Tüm bunlar ve daha fazlası bu dönem için beklenen olağan tutumlardı. Fakat kayyım darbesinin koşulları için aynı şeyi söylemek mümkün değil. “Güvenli bölge” gündeminin öne çıktığı yakın günlerde tekrar dillendirilen kayyım planının hayata geçirilmesi için ortada AKP’nin oy deposu olan kesimlerin dahi gözlerini boyayacak herhangi göstermelik bir gerekçe bile yok. Hem 31 Mart’taki kayıplarından hem de özellikle YSK darbesiyle yenilenen İstanbul seçiminde aldığı ağır hezimetten sonra kayyım planını bu denli hızla hayata geçirme cüreti sergilemesi, AKP-MHP ittifakının/zorbalığının ayakta kalmak uğruna tüm gemileri yaktığını gösteriyor. Kayyım darbesi konusunda ilk açıklamayı yapan AKP’nin kudurgan İçişleri Bakanı, açık açık “Bizim teröre müsamaha göstermemizi bekleyenler yanılır. Terörü ve terörizmi özellikle halkın helal oylarıyla belediyelerde merkez haline getirmeye çalışanlara da devletin, kuralların, hukukun ve Anayasa’nın sessiz kalmasını beklemek son derece yanlıştır” derken, esasen bunu anlatıyor. Ortada yasal-anayasal, hukuksal bir yargı kararı olmadığına göre, bu açıklama aynı zamanda artık göstermelik yasal kılıflara hiçbir şekilde ihtiyaç duyulmadığını gösteriyor.

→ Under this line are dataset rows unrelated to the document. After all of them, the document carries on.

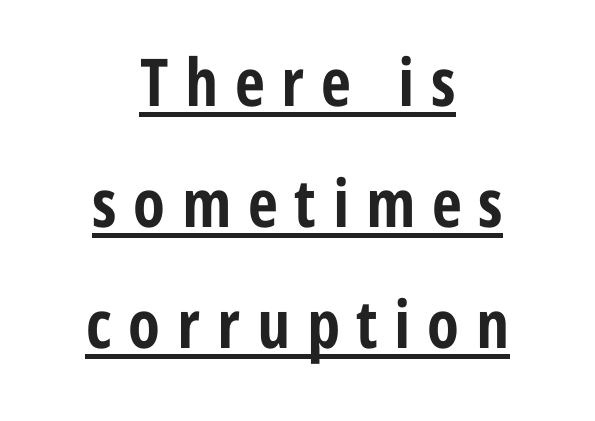
The glyphs have the mass of a bold cut. The face used here appears with an underline applied. Caption: expanded tracking, letters set apart. Visually the block forms a symmetrical silhouette, jagged on both flanks. This is roman type, the default non-slanted kind. Is this a fixed-width face? No — the glyphs have proportional, varying widths.
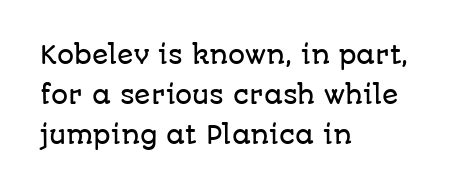
Q: Is the text italic (slanted)? A: No, it is upright.
Q: Is the text underlined? A: No.
Q: How is the paragraph aligned? A: Left-aligned.
Q: Is the spacing between letters normal or unusually wide? A: Normal.
Q: Is the spacing between lines tight, normal or loose? A: Normal.

Gerek “güvenli bölge” ile ilgili tartışmalara, gerek kayyım darbesi konusunda verilen demeçlere bakılırsa AKP-MHP cephesi Kürt halkının haklarına ve kazanımlarına azgınca saldırmakta tam bir mutabakat içindedir. Fakat bu mutabakatın yalnızca Kürtlere saldırganlıkla sınırlı olduğunu sanmak, en hafif deyimle aptalı oynamaktır. Gerici-faşist iktidar bloku bir yandan ekonomik kriz, diğer yanda başta Suriye ve Kürt sorunu olmak üzere dış politika cephesinde yaşadığı açmazlar derinleşirken, toplumun tüm emekçi-ezilen kesimlerine saldırmaktan başka bir seçeneğe sahip değil. Kamu işçilerine kabul ettirdiği TİS, keza emeklileriyle birlikte 5 milyon kamu emekçisine dalga geçercesine dayattığı sefalet zammı, iktidarın herhangi bir esneme olanağının kalmadığının ilanıdır. Tek meşruiyet dayanağı olarak tutunduğu sandıklardan aldığı darbe de onu iyice hırçınlaştırmış durumda. O yüzdendir ki “En iyi savunma saldırıdır” mantalitesiyle, karşısına çıkan herkese ve her kesime devlet terörü, baskı ve zorbalıkla yükleniyor.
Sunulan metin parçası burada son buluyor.